Many developers want everything, not just public info. Any desktop or mobile app gets basic info from you: id, name, picture, gender and locale (i.e., English speaking in the US), and anything else you’ve made public. If they want more, their authentication request to you must ask you for permission – and for many users it’s routine to give it (how are you going to know where the pizza places near you are if you don’t give up your 9 digit Zip Code, for example). But if you want to play the game / get the coupons / preview the video / win a prize bad enough, will you worry about providing access to any photo you’re tagged in? Or your actual location? Or the contents of your lists of friends (or their lists of their friends)? Or the location of your child’s school? (it could be in that photo’s metadata...)

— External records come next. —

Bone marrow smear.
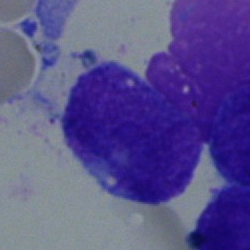
{"cell_type": "undifferentiated blast"}
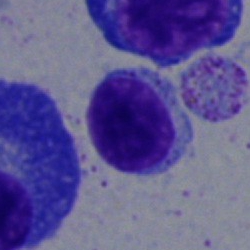
Showing a typical lymphocyte.
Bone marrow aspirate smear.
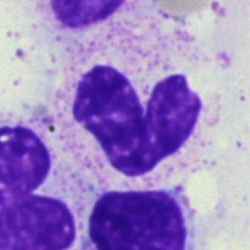Q: Identify the cell.
A: Segmented neutrophil.
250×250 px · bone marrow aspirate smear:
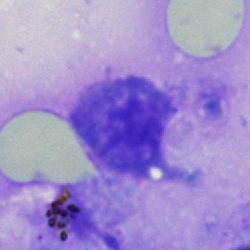

An artifact.

Extended permissions could include the ability to access your inbox, read your notifications, or create/modify on your behalf events posted on your page. The range of possible permissions is quite scary. And before you say hey I’d never agree to that, tell me the last time you fully read some site’s Terms of Use. Even cooler (for the developer) is their continued access to you, whether you are on or offline. (FB now times out offline access, but the developer can still get expiring offline access renewed...) A developer’s stories can become a, “... persistent ‘brand billboard’ of ongoing updates, which tell the story of the relationship between the consumer and the brand.” Except that most owners of billboards get paid for the use of that space...
And FB continues to busy itself adding still more info to the curation of your life. Now they plan to tell others what messages you did and didn’t read from within a Group’s posts. Will seeing get misinterpreted as liking, or supporting? Can you really believe it won’t? And this capability cannot be disabled as currently configured.
Oooh, I sound paranoid. Ok, hypothetical. Say there’s a politician I don’t like (just one!?!) He finally said something rational, and I wanted to reinforce it. Maybe I just ‘liked’ the comment; maybe I inadvertently ‘liked’ the individual. When I next sign on (days? weeks?), my timeline might be filled with events and comments, ostensibly from me (implicitly, if not explicitly), with which I disagree.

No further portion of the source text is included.